The evidence was heard orally by the trial court and revealed that appellee and appellant had been married in 1965 and divorced in 1969. Prior to the time of the divorce appellant had been under the care [376]*376of a psychiatrist and was unemployed. Appellee was in good health and earning about $37,500 per year. Subsequent to the divorce, appellant has earned a bachelor of science degree in biology from the University of Alabama at Birmingham and is now pursuing a master’s degree in psychology. Further, she has sought and is seeking admittance to the University of Alabama medical school.
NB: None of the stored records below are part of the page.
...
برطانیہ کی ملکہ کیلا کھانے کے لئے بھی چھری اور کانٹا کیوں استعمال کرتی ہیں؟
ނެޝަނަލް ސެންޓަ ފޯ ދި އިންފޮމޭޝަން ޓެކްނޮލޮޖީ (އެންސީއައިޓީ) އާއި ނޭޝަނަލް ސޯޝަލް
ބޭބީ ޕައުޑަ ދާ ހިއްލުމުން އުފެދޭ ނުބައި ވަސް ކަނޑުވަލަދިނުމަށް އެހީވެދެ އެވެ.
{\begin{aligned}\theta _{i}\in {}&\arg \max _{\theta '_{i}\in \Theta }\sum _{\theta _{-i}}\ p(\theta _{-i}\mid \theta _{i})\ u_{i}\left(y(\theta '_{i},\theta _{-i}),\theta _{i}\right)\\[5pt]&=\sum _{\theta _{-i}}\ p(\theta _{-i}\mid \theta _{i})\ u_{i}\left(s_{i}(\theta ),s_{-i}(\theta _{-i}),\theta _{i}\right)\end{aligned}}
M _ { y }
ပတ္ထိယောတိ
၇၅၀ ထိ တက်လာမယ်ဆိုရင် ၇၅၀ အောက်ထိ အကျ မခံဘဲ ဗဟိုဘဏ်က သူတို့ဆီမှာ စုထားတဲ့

During the time since the divorce, she has held a parttime job at two different times, earning a total of about $2,500. She is now thirty three years old, owns a 1969 Camaro automobile, is relatively debt-free. She stated that she is in good health, both physically and mentally, and only sees her psychiatrist sporadically. Appellee is now earning $40,000 per year, has remarried and is now supporting his wife, her three children by a former marriage and his two teenage daughters by a former marriage. The three children of his new wife receive $75 per week from their father. The appellee has increased his indebtedness in the past year by some $7,500 due mainly to the alimony payments, and he recently purchased a farm where the family now lives for $87,500 which is one hundred percent financed with monthly payments of $572. He formerly contributed $200 per month to his parents’ support but is no longer able to do so.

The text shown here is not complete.